Write all of the entries out again exactly, but not the images.

+-------+

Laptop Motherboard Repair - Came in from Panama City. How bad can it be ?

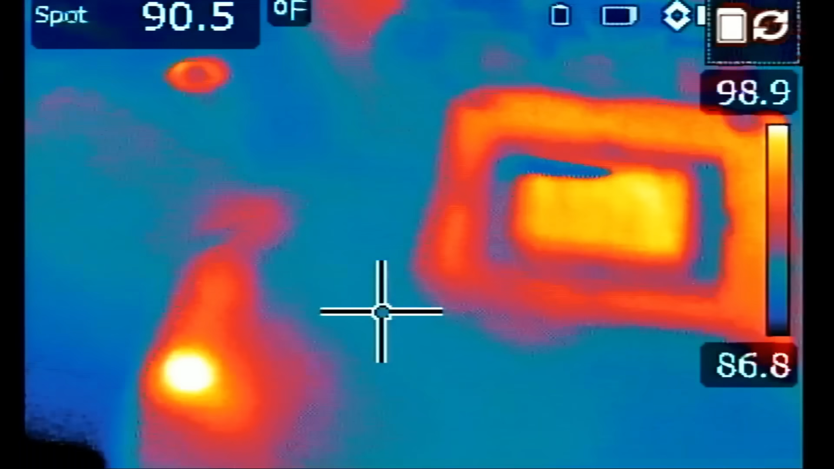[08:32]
On screen: spot 90.5°F
So the current sense resistor where I'm injecting voltage is getting hot and that's normal.
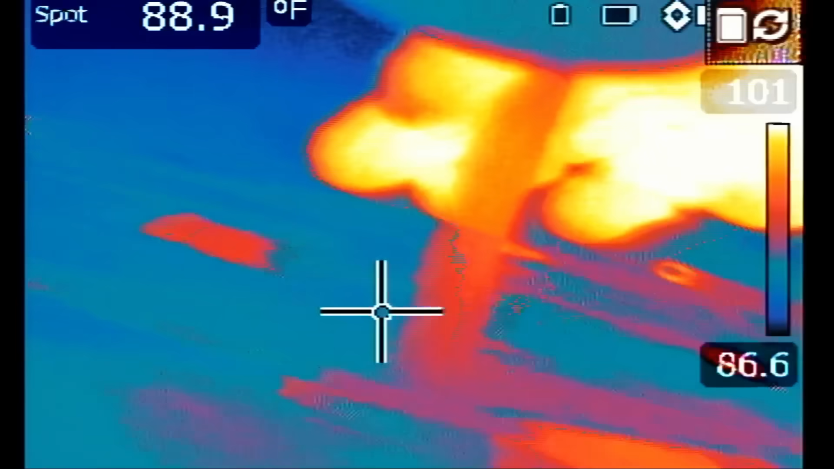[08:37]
On screen: spot 88.9°F
Let's look elsewhere on the board.
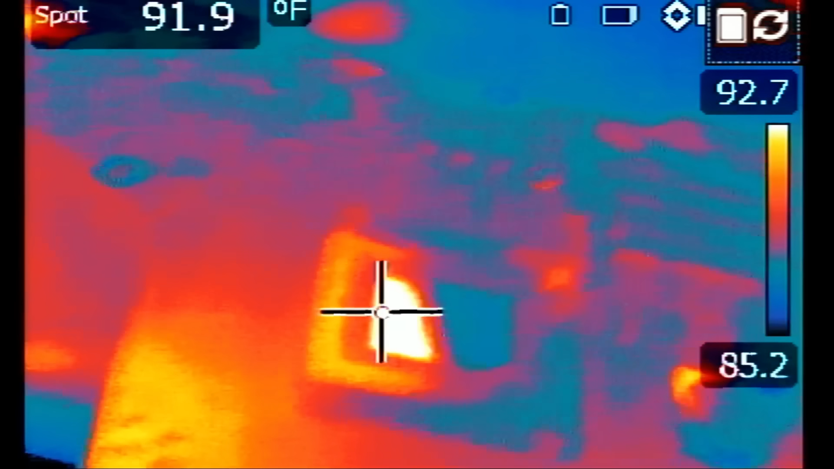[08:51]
On screen: spot 91.9°F
It looks like the heat may be coming from back of the board. Let's inject voltage and flip the board.
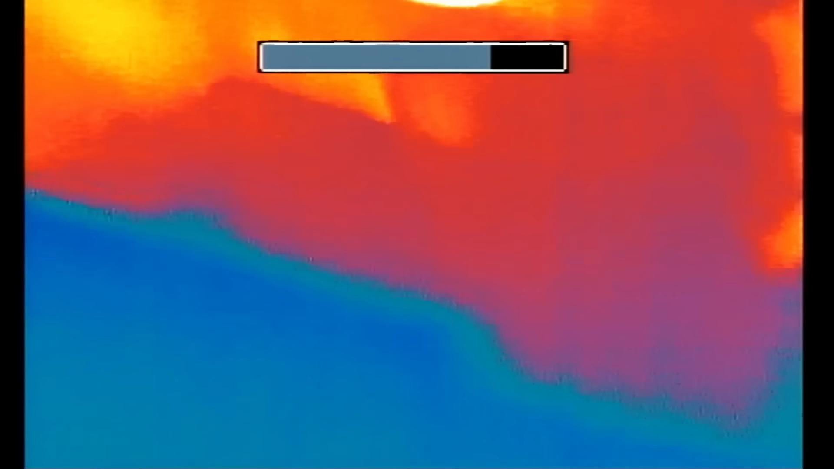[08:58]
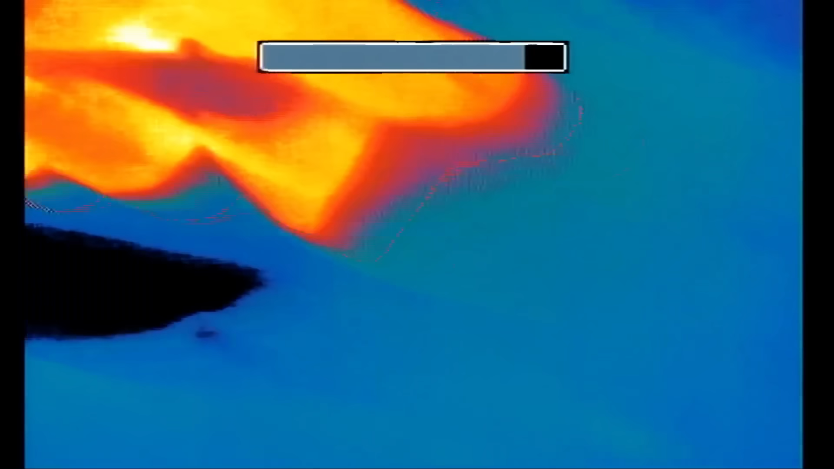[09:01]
Look at this.
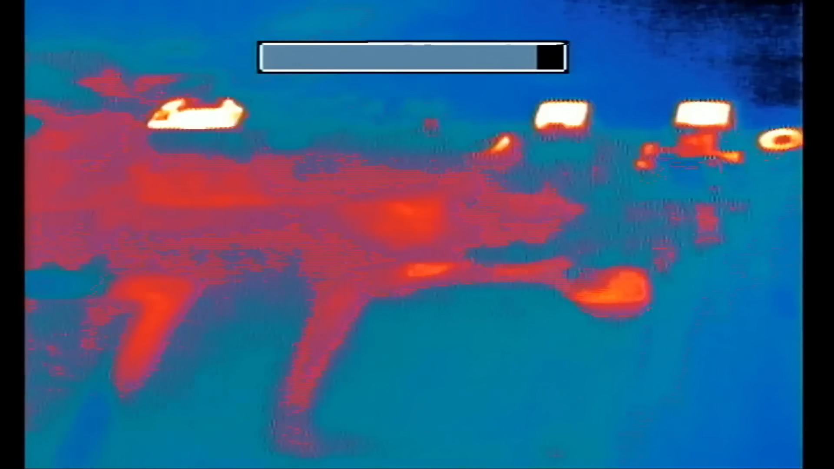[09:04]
Look at this right there. Right there. Okay.

+-------+

Response to the exercise:
Laptop Motherboard Repair - Came in from Panama City. How bad can it be ?

[08:32]
On screen: spot 90.5°F
So the current sense resistor where I'm injecting voltage is getting hot and that's normal.
[08:37]
On screen: spot 88.9°F
Let's look elsewhere on the board.
[08:51]
On screen: spot 91.9°F
It looks like the heat may be coming from back of the board. Let's inject voltage and flip the board.
[08:58]
[09:01]
Look at this.
[09:04]
Look at this right there. Right there. Okay.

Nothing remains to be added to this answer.